Revenues in 2005 were near EUR2 billion and operating profit
generated was over EUR225 million.

At March 31, 2006, EMI Group's consolidated balance sheet
revealed GBP1.817 billion in total assets, GBP2.544 billion in
total liabilities and GBP726.6 million in shareholders' deficit.


EMMA SOMERSET: Brings In Gary Bell as Administrator
---------------------------------------------------
Gary Bell of Cowgill Holloway Business Recovery LLP was
appointed administrator of Emma Somerset Limited (Company Number
00943507) on June 2.

The administrator can be reached at:

         Cowgill Holloway Business Recovery LLP
         Regency House
         45-51 Chorley New Road
         Bolton
         Greater Manchester BL1 4QR
         United Kingdom
         Tel: 01204 414277
         Fax: 01204 414244
         E-mail: gary.bell@cowgills.co.uk  


EUROPEAN COLLECTIONS: Hires Tenon Recovery to Administer Assets
---------------------------------------------------------------
Nigel Ian Fox and Andrew James Pear of Tenon Recovery were
appointed joint administrators of European Collections and
Investigations Ltd (Company Number 2458116) on June 13.

Tenon Recovery -- http://www.tenongroup.com/-- provides  
accounting and business advice to owner-managed and private
business.

Headquartered in Surbiton, United Kingdom, European Collections
and Investigations Ltd is a credit and finance agency.

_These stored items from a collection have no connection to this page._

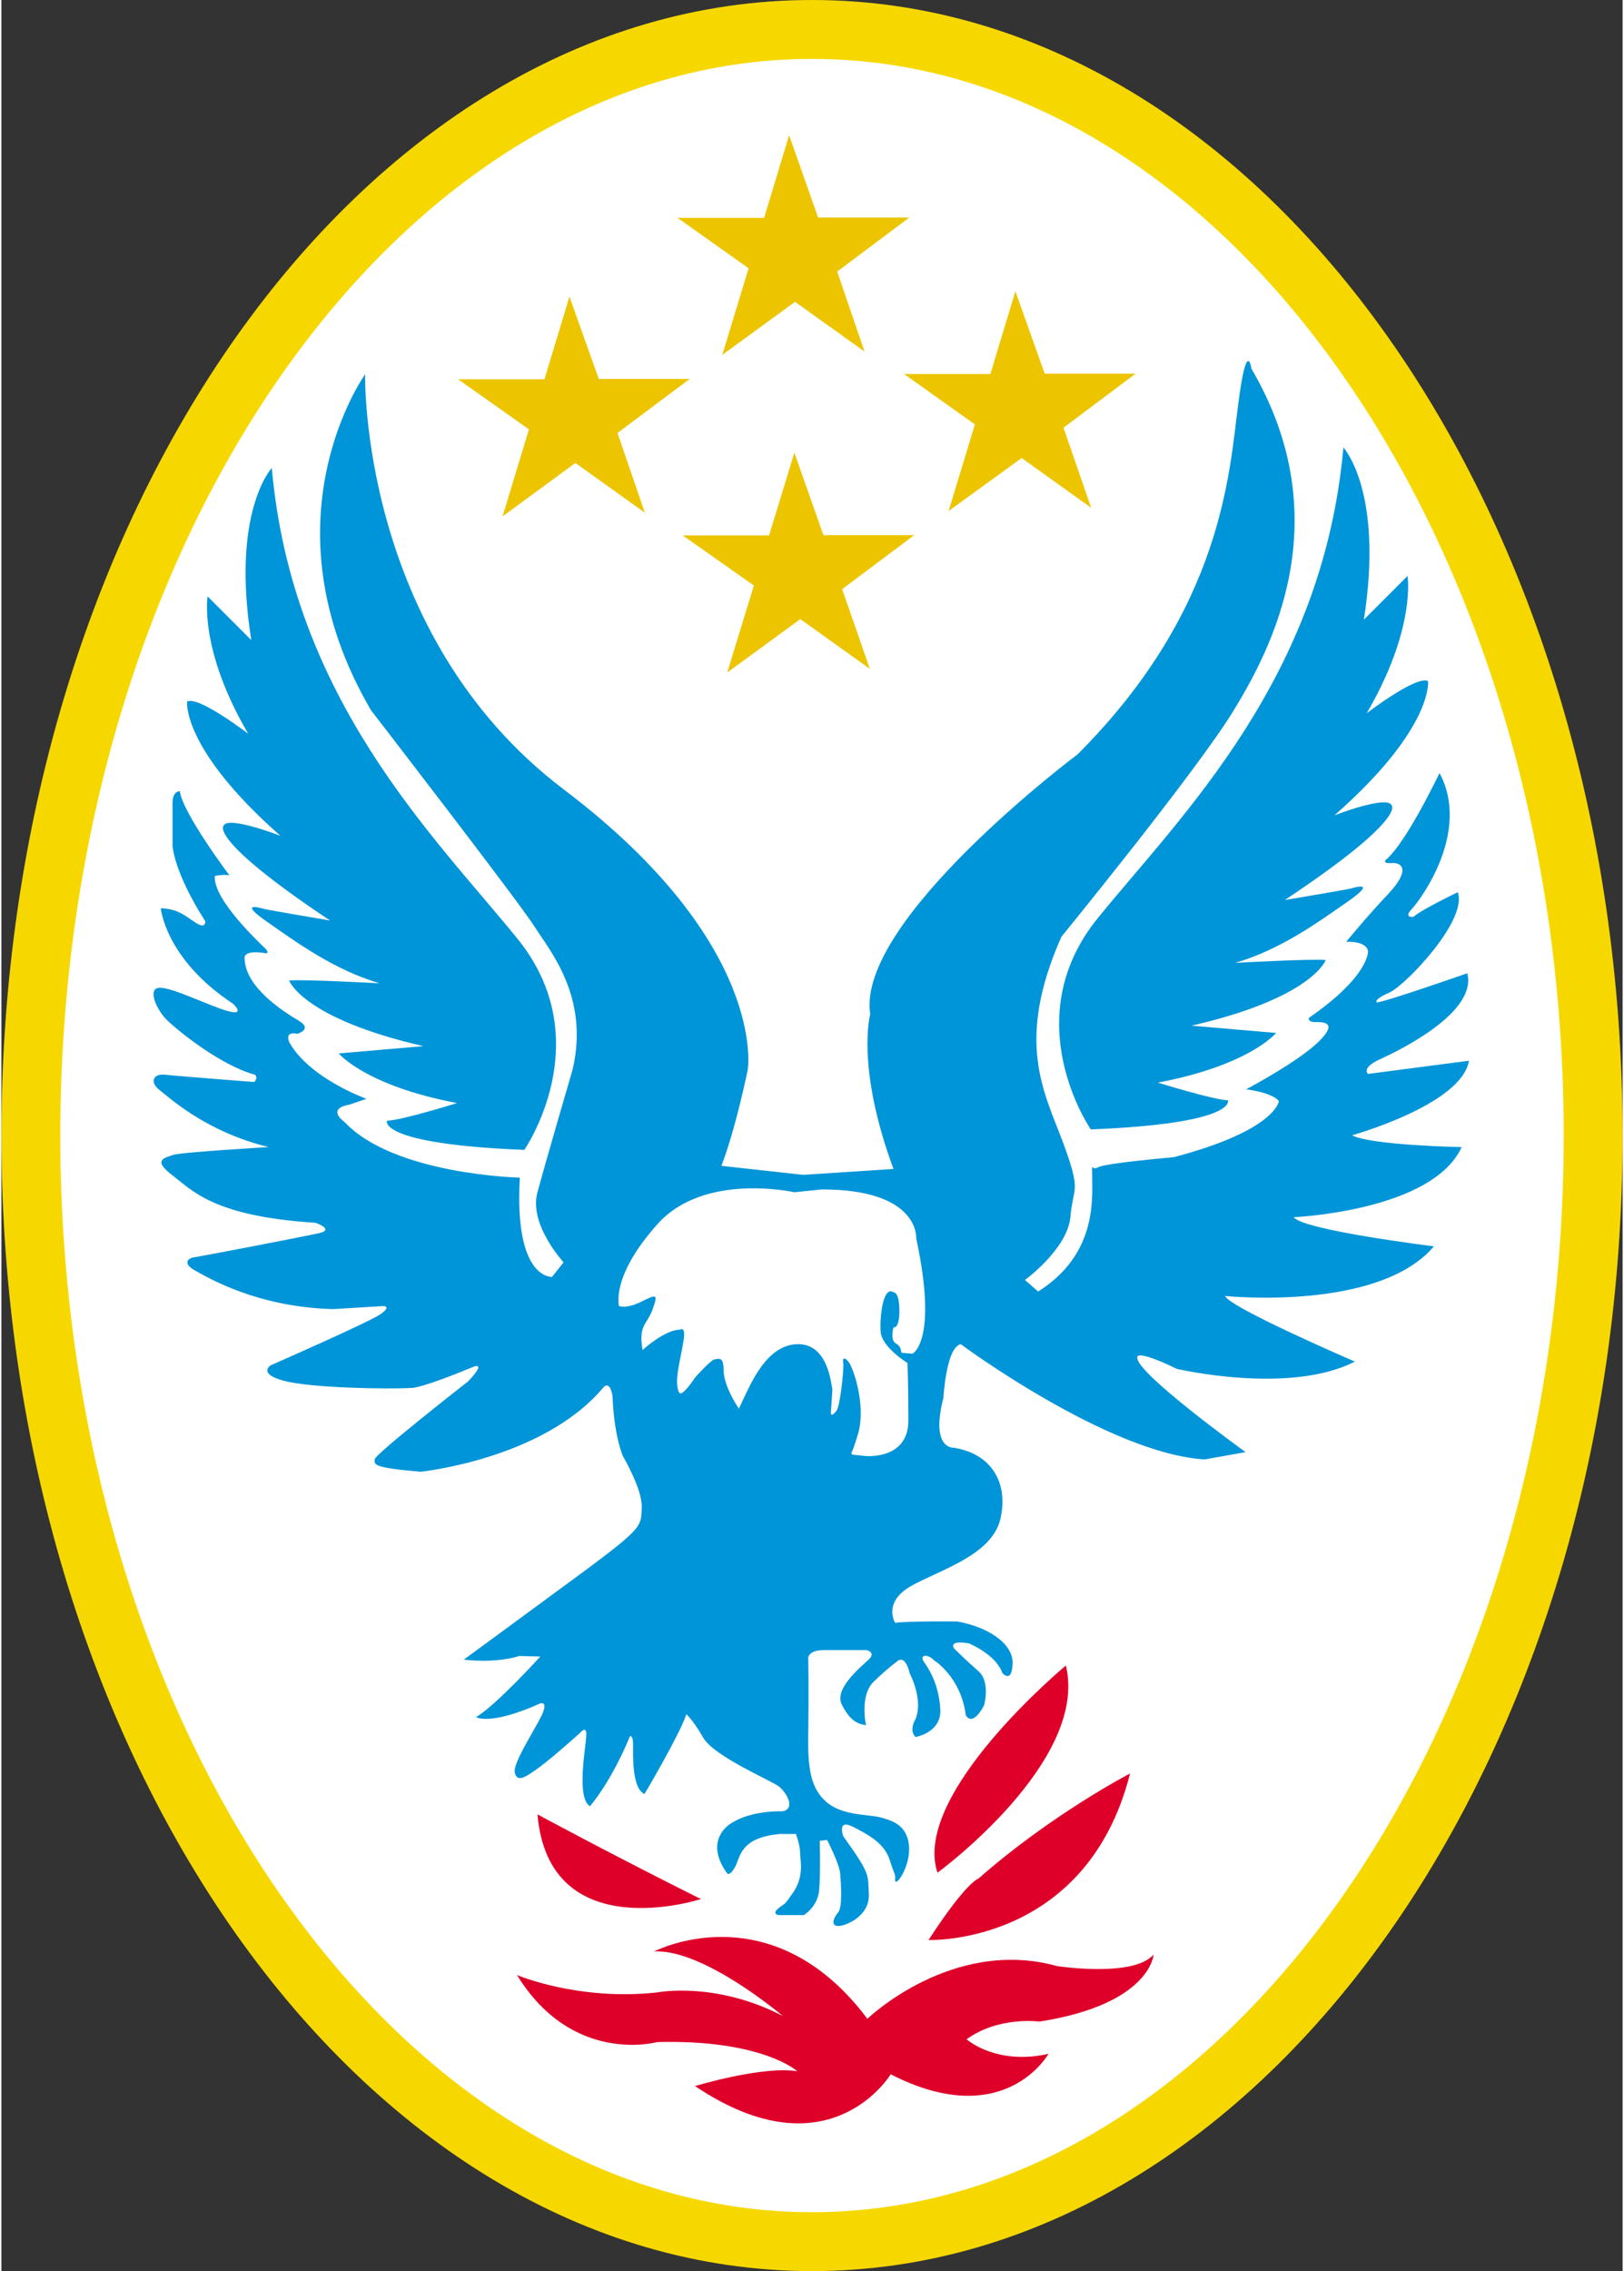 <?xml version="1.0" encoding="utf-8"?>
<!-- Generator: Adobe Illustrator 13.0.2, SVG Export Plug-In . SVG Version: 6.00 Build 14948)  -->
<!DOCTYPE svg PUBLIC "-//W3C//DTD SVG 1.1//EN" "http://www.w3.org/Graphics/SVG/1.1/DTD/svg11.dtd">
<svg version="1.1" id="Layer_1" xmlns="http://www.w3.org/2000/svg" xmlns:xlink="http://www.w3.org/1999/xlink" x="0px" y="0px"
	 width="515px" height="720px" viewBox="0 0 514.104 720" enable-background="new 0 0 514.104 720" xml:space="preserve">
<rect x="0" y="0" width="514.104" height="720" fill="#333333" stroke="none"/>
<path fill-rule="evenodd" clip-rule="evenodd" fill="#FFFFFF" d="M257.052,9.337c136.432,0,247.715,157.526,247.715,350.658
	c0,193.141-111.283,350.668-247.715,350.668S9.337,553.136,9.337,359.996C9.337,166.864,120.621,9.337,257.052,9.337z"/>
<path fill="none" stroke="#F6D800" stroke-width="18.674" stroke-miterlimit="2.613" d="M257.052,9.337
	c136.432,0,247.715,157.526,247.715,350.658c0,193.141-111.283,350.668-247.715,350.668S9.337,553.136,9.337,359.996
	C9.337,166.864,120.621,9.337,257.052,9.337z"/>
<polyline fill-rule="evenodd" clip-rule="evenodd" fill="#D2EBFB" points="238.127,409.704 242.307,407.614 243.357,402.385 
	241.258,398.206 236.029,397.166 "/>
<polyline fill-rule="evenodd" clip-rule="evenodd" fill="#D2EBFB" points="193.169,367.893 197.367,365.803 198.398,360.575 
	196.318,356.395 191.088,355.346 "/>
<path fill-rule="evenodd" clip-rule="evenodd" fill="#0094D8" d="M254.275,372.461l-25.953-2.858
	c4.613-11.995,8.358-30.485,8.358-30.485s6.478-39.82-58.409-88.886c-64.806-49.156-62.934-131.556-62.934-131.556
	s-33.343,46.307,1.864,106.489c0,0,47.201,61.15,51.824,68.541c4.622,7.373,17.594,22.208,12.095,45.411
	c0,0-8.359,28.621-11.127,38.853c-2.841,10.213,8.277,22.217,8.277,22.217l-3.646,4.622c0,0-12.086,0.978-10.223-31.462
	c0,0-39.82-0.886-55.561-17.612c0,0-6.042-4.179,1.43-5.509l5.509-1.863c0,0-18.219-6.495-24.542-18.047
	c0,0-1.592-3.465,2.578-2.569c0,0,5.075-1.429,0.443-4.179c-4.613-2.76-16.88-10.403-17.142-19.648c0,0-0.896-3.021,6.929-1.683
	c0,0,0.986-0.189-0.443-1.61c-1.338-1.329-16.626-15.468-15.921-22.931c0,0,3.212-0.625,4.632-0.172c0,0-14.845-19.738-15.73-26.677
	c0,0-2.316-0.172-2.316,3.735c0,3.908,0,13.425,0,13.425s0.172,8.087,10.395,24.089c0,0,0.181,2.578-3.013,0.453
	c-3.284-2.054-5.337-4.36-11.117-4.623c0,0,1.429,16.165,22.94,30.304c0,0,4.179,3.908-1.691,2.308
	c-5.781-1.593-17.785-7.645-21.692-7.373c-4.008,0.172-0.715,7.201,2.315,10.132c3.021,3.021,16.889,14.41,27.997,17.422
	c0,0,1.158,0.896-0.262,2.308c0,0-24.271-1.864-28.179-2.308c-3.998-0.442-4.894,2.497-1.872,4.804s14.573,13.243,34.673,18.138
	c0,0-27.554,1.592-30.322,2.479c-2.75,0.985-6.657,1.601-0.172,6.495c6.396,4.894,13.162,12.98,45.33,15.025
	c0,0,6.224,2.125,1.157,3.283c-5.065,1.149-37.686,7.382-39.549,7.644c-1.872,0.182-3.998,1.873,0.172,4.18
	c4.18,2.307,19.458,11.561,43.737,12.267l16.002-0.978c0,0,2.75,0-0.896,2.578c-3.727,2.578-34.754,16.175-34.754,16.175
	s-4.36,2.587,3.917,4.894c8.349,2.315,32.701,2.759,40.525,2.315c0,0,2.578,0.443,19.91-6.766c0,0,4.18-1.593-1.863,4.713
	c0,0-29.599,23.112-29.599,24.713c0,1.593-0.985,2.578,14.582,3.908c0,0,38.392-3.908,57.596-26.306c0,0,2.316-3.555,3.284,2.487
	c0,0,0.189,10.937,3.202,18.753c0,0,6.314,10.674,6.043,16.445c-0.254,5.78,0.452,6.224-17.332,19.467
	c-17.866,13.153-39.106,28.721-39.106,28.721s9.688,1.321,17.595-1.157l6.676,0.172c0,0-13.876,15.297-20.362,19.204
	c0,0,4.352,2.841,20.362-4.359c0,0,2.75-0.887,0.254,4.179c-2.569,5.075-9.064,15.017-8.35,17.784
	c0.715,2.841,2.578,2.126,7.652-1.61c5.057-3.727,13.153-11.099,13.153-11.099s2.126-2.588,1.854,1.148
	c-0.172,3.727-3.185,19.467,1.157,22.217c0,0,6.495-7.191,12.719-22.217c0,0,0.978-0.452,0.978,2.578
	c0,3.021-0.443,14.139,3.637,15.731c0,0,11.126-18.762,13.252-25.238c0,0,1.863,1.411,5.337,7.372
	c3.465,6.043,21.773,13.687,24.081,15.559c2.315,1.864,5.337,6.93,1.157,7.816c0,0-9.77-0.443-16.265,3.735
	c0,0-9.245,5.066-1.329,15.994c0,0,0.886,0.896,2.487-2.126c1.691-3.021,1.42-9.245,14.139-10.403h5.147
	c0,0,1.329,3.474,1.329,6.052c0,2.488,1.61,7.816-3.021,13.597c0,0-1.158,1.872-2.045,2.578c-0.968,0.705-4.441,2.759-1.863,3.474
	h8.087c0,0,4.451-2.497,4.894-8.097c0.443-5.518,0.172-15.459,0.172-15.459l2.316-0.271c0,0,3.998,7.644,4.179,10.846
	c0.263,3.284,0.706,10.484-0.624,12.086c-1.42,1.592-2.578,4.359,0,4.359c2.488,0,9.96-3.211,9.688-9.959
	c-0.271-6.676,0.443-6.486-8.087-18.49c0,0-2.135-5.6,3.021-3.021c5.065,2.578,10.131,5.337,11.732,10.665
	c1.691,5.328,1.691,3.728,1.691,6.224c0,2.578,5.065-4.351,4.352-11.108c-0.706-6.667-5.771-7.824-9.245-8.802
	c-3.465-0.887-11.823-0.452-16.889-4.794c-5.066-4.451-6.043-10.675-5.771-22.488c0.181-11.832,0-22.67,0-22.67
	s-0.715-3.03,5.057-3.03c5.78,0,13.424,0,13.424,0s3.302,0.715,0.443,3.202c-2.75,2.578-10.837,9.245-8.259,14.14
	c2.487,4.885,4.794,6.042,7.644,6.485c0,0-2.135-9.516,2.488-13.867c4.622-4.45,7.191-6.224,7.191-6.224s2.587-3.021,4.179,3.646
	c0,0,4.36,8.087,1.882,14.393c0,0-2.315,3.654,0,5.78c0,0,8.259-1.411,7.815-8.802c-0.452-7.463-3.202-12.258-5.065-14.836
	c-1.863-2.587,1.158-2.759,3.021-0.715c0,0,8.539,5.156,10.131,17.423c0,0,1.864,4.089,5.771-3.03c0,0,2.145-7.463-1.772-10.928
	c-3.999-3.465-7.645-7.11-7.645-7.11s-2.307-2.849,4.623-1.691c0,0,8.53,3.465,10.584,9.336c0,0,3.021,3.646,3.283-2.85
	c0.263-6.486-7.915-11.724-17.595-13.425c0,0-16.191-0.172-19.647,0.453c0,0-4.008-6.396,4.794-11.552
	c8.812-5.075,25.691-9.688,28.541-21.249c2.749-11.651-2.85-20.896-14.845-22.751c0,0-7.382,0.524-3.202-15.74
	c0,0,0.886-16.174,5.518-17.061c0,0,46.75,34.655,77.325,36.527l12.99-2.315c0,0-35.216-25.419-34.32-30.042
	c0,0-0.896-2.84,12.537,3.646c0,0,35.642,8.358,56.438-2.307c0,0-39.82-17.151-41.15-20.806c0,0,48.613,5.066,66.217-15.73
	c0,0-41.685-5.156-44.443-9.245c0,0,43.918-1.873,53.245-22.217c0,0-28.703-0.543-34.755-3.745c0,0,34.755-9.688,37.07-23.638
	l-32.005,4.18c0,0-2.307-1.863,3.736-4.623c6.043-2.75,31.019-14.844,27.734-27.291c0,0-26.404,9.245-28.712,9.245
	c0,0-1.157-0.887,3.999-3.112c5.065-2.226,24.976-23.021,21.692-31.823c0,0-12.014,5.771-14.04,7.824c0,0-3.292,0.443-0.542-2.487
	c2.84-3.03,18.761-24.533,8.802-43.113c0,0-10.575,22.217-17.07,27.554c0,0-1.158,1.158,1.863,0.978
	c2.94-0.263,6.405,1.781-0.968,9.697c-7.382,7.815-13.424,15.278-13.424,15.278s6.485-0.443,6.929,3.03
	c0,0,0.443,7.815-18.752,21.068c0,0-0.452,1.33,1.863,1.33c2.307,0,7.644-0.172,1.42,6.042
	c-6.305,6.224-21.339,14.312-23.193,15.288c0,0,8.087,0.896,10.394,3.736c0,0-0.887,9.244-33.325,17.775
	c0,0-21.701,1.872-24.008,3.202c-2.316,1.42-1.864-2.76-1.864,3.735c0,6.486,1.33,24.081-17.16,35.642l-4.179-3.646
	c0,0,13.424-9.77,14.41-19.91c0.887-10.222,3.637-7.463-2.315-23.646c-6.043-16.184-15.288-31.914-0.534-65.249
	c0,0,43.113-52.801,54.665-71.815c11.561-18.934,33.777-60.183,5.6-108.28c0,0-1.421-10.213-4.171,11.117
	c-2.849,21.249-4.631,64.806-50.929,111.111c0,0-70.414,52.721-65.791,82.409c0,0-4.623,16.618,7.382,49.065L254.275,372.461"/>
<path fill-rule="evenodd" clip-rule="evenodd" fill="#FFFFFF" d="M251.425,377.97c0,0-28.712-6.495-43.466,10.213
	c-14.845,16.626-12.095,25.871-12.095,25.871s2.316,0.978,6.947-1.329c4.704-2.316,5.591-2.85,3.728,2.307
	c-1.863,5.065-4.613,5.065-3.202,12.972c0,0,6.938-6.477,11.995-6.477c0,0,1.872-1.43,0.886,4.079
	c-0.886,5.608-3.021,12.457-1.32,15.821c0.887,1.782,5.065-4.703,5.065-4.703s4.885-5.51,6.215-5.78
	c1.43-0.172,2.85-0.887,2.85,3.464c0,4.451,3.646,10.493,4.804,12.086c0,0-1.33,3.03,1.148-2.307
	c2.587-5.328,7.644-17.866,17.423-18.038c9.688-0.271,10.674,12.438,11.117,14.311c0,0-0.271,4.876-0.443,6.749
	c-0.271,1.863,0.615,1.601,1.773,0c1.157-1.683,2.315-12.973,2.135-14.836c-0.271-1.872,0.181-2.315,1.601-0.715
	c1.421,1.593,5.6,13.425,3.193,22.488c0,0-1.329,4.623-2.035,6.043c-0.715,1.33,0.435,0.887,3.465,1.33
	c3.021,0.443,14.401,0.271,14.401-11.1c0-11.299-0.271-18.318-0.271-18.318s-8.358-5.065-8.54-10.131
	c-0.262-5.066,0.896-14.411,4.099-12.275c0,0,1.863-0.263,1.863,5.78c0,6.052-1.863,5.337-1.863,5.337s-1.158,3.908,0.705,5.065
	c1.872,1.158,1.42,1.873,1.872,3.021l3.465,0.263c0,0,8.178-3.908,1.158-36.609c0,0,1.158-15.469-29.879-15.469L251.425,377.97"/>
<path fill-rule="evenodd" clip-rule="evenodd" fill="#0094D8" d="M85.74,148.365c0,0-12.99,13.868-6.495,54.574l-13.858-13.867
	c0,0-2.85,16.717,12.881,43.557c0,0-15.73-12.086-19.376-10.222c0,0-1.863,14.844,29.599,42.579c0,0-16.708-6.495-18.038-3.202
	c0,0-5.065,4.179,33.769,30.051c0,0-18.934-3.212-20.797-3.646c-1.863-0.534-8.358-2.316,0.887,4.089
	c9.245,6.485,21.34,15.278,35.65,19.458c0,0-24.542-1.33-28.722-0.887c0,0,4.18,12.004,42.589,20.806l-26.849,2.307
	c0,0,8.358,10.222,37.505,15.74c0,0-18.038,5.6-22.217,5.6c0,0-3.202,7.372,43.557,9.244c0,0,24.089-34.764-2.307-67.111
	C137.121,264.986,92.225,221.511,85.74,148.365"/>
<path fill-rule="evenodd" clip-rule="evenodd" fill="#0094D8" d="M425.57,141.87c0,0,12.882,13.868,6.486,54.584l13.858-13.868
	c0,0,2.75,16.708-12.973,43.548c0,0,15.723-12.086,19.467-10.213c0,0,1.864,14.835-29.688,42.57c0,0,16.717-6.486,18.128-3.193
	c0,0,5.066,4.18-33.868,30.042c0,0,19.033-3.193,20.896-3.646c1.863-0.534,8.268-2.316-0.986,4.179
	c-9.235,6.405-21.239,15.207-35.641,19.377c0,0,24.542-1.33,28.712-0.887c0,0-4.17,11.995-42.58,20.806l26.849,2.307
	c0,0-8.35,10.231-37.504,15.74c0,0,18.037,5.591,22.217,5.591c0,0,3.292,7.381-43.476,9.245c0,0-24.08-34.755,2.316-67.112
	C374.179,258.491,419.075,215.034,425.57,141.87"/>
<path fill-rule="evenodd" clip-rule="evenodd" fill="#DE0029" d="M337.561,528.016c0,0-49.065,40.707-40.716,65.691
	C296.845,593.708,344.943,558.51,337.561,528.016"/>
<path fill-rule="evenodd" clip-rule="evenodd" fill="#DE0029" d="M357.915,562.237c0,0-24.976,12.98-48.088,33.334
	c0,0-3.736,0.887-15.821,19.468C294.005,615.039,344.056,616.902,357.915,562.237"/>
<path fill-rule="evenodd" clip-rule="evenodd" fill="#DE0029" d="M169.994,575.217c0,0,24.017,12.973,51.833,26.84
	C221.827,602.057,173.648,617.789,169.994,575.217"/>
<path fill-rule="evenodd" clip-rule="evenodd" fill="#DE0029" d="M206.973,618.674c0,0,37.071-19.376,67.646,21.34
	c0,0,26.849-25.953,60.191-16.708c0,0,24.09,3.727,30.576-3.646c0,0-0.978,15.731-36.185,21.24c0,0-12.972-1.782-23.112,5.608
	c0,0,9.245,8.35,25.953,4.622c0,0-13.949,24.967-50.033,6.478c0,0-19.477,32.357-62.047,3.735c0,0,21.331-6.485,32.439-4.703
	c0,0-11.108-10.132-44.443-9.245c0,0-26.839,7.463-44.442-21.249c0,0,19.376,8.268,44.442,5.509c0,0,18.49-3.637,39.82,7.463
	C247.78,639.119,222.713,617.789,206.973,618.674"/>
<polyline fill-rule="evenodd" clip-rule="evenodd" fill="#ECC500" points="180.134,94.026 172.201,120.241 144.828,120.241 
	167.28,136.117 158.93,163.698 182.016,146.773 204.051,162.549 195.376,137.265 218.263,120.141 189.433,120.141 180.134,94.026 
	"/>
<polyline fill-rule="evenodd" clip-rule="evenodd" fill="#ECC500" points="251.461,143.525 243.429,169.75 216.065,169.75 
	238.617,185.625 230.167,213.207 253.343,196.282 275.397,212.048 266.614,186.774 289.491,169.641 260.67,169.641 251.461,143.525 
	"/>
<polyline fill-rule="evenodd" clip-rule="evenodd" fill="#ECC500" points="321.55,92.352 313.608,118.577 286.252,118.577 
	308.705,134.551 300.365,162.015 323.541,145.208 345.576,160.984 336.811,135.601 359.679,118.458 330.849,118.458 321.55,92.352 
	"/>
<polyline fill-rule="evenodd" clip-rule="evenodd" fill="#ECC500" points="249.797,42.853 241.864,69.059 214.391,69.059 
	236.952,85.043 228.593,112.516 251.679,95.69 273.714,111.466 265.048,86.092 287.926,68.951 258.988,68.951 249.797,42.853 "/>
</svg>

EUROTUNNEL GROUP: Unveils Amended Plan to Get Bondholders Nod
-------------------------------------------------------------
Eurotunnel Group presented a revised debt restructuring plan to
bondholders in an attempt to reach a consensual deal that would
restructure a EUR6.2 billion debt package, a Eurotunnel
spokesman told Dow Jones on Wednesday.

"We have put proposals to them (the bondholders) in a formal
sense -- it is a version of the Preliminary Restructuring
Agreement to accommodate the changed ambitions of the
bondholders," the spokesman disclosed.

Eurotunnel, its bondholders and a group of the majority of its
senior creditors are currently in talks regarding the revised
agreement, the spokesman said.

The preliminary restructuring agreement, backed by Eurotunnel,
Goldman Sachs Group Inc., Macquarie Bank Ltd. and Barclays PLC,
values the company at around EUR7.03 billion and includes a
EUR1.5 billion hybrid issue with a 6% to 9% coupon and would
reduce debt by 54%.  Under the agreement, bondholders will get a
GBP75 million return for their GBP1.9 billion bond holdings.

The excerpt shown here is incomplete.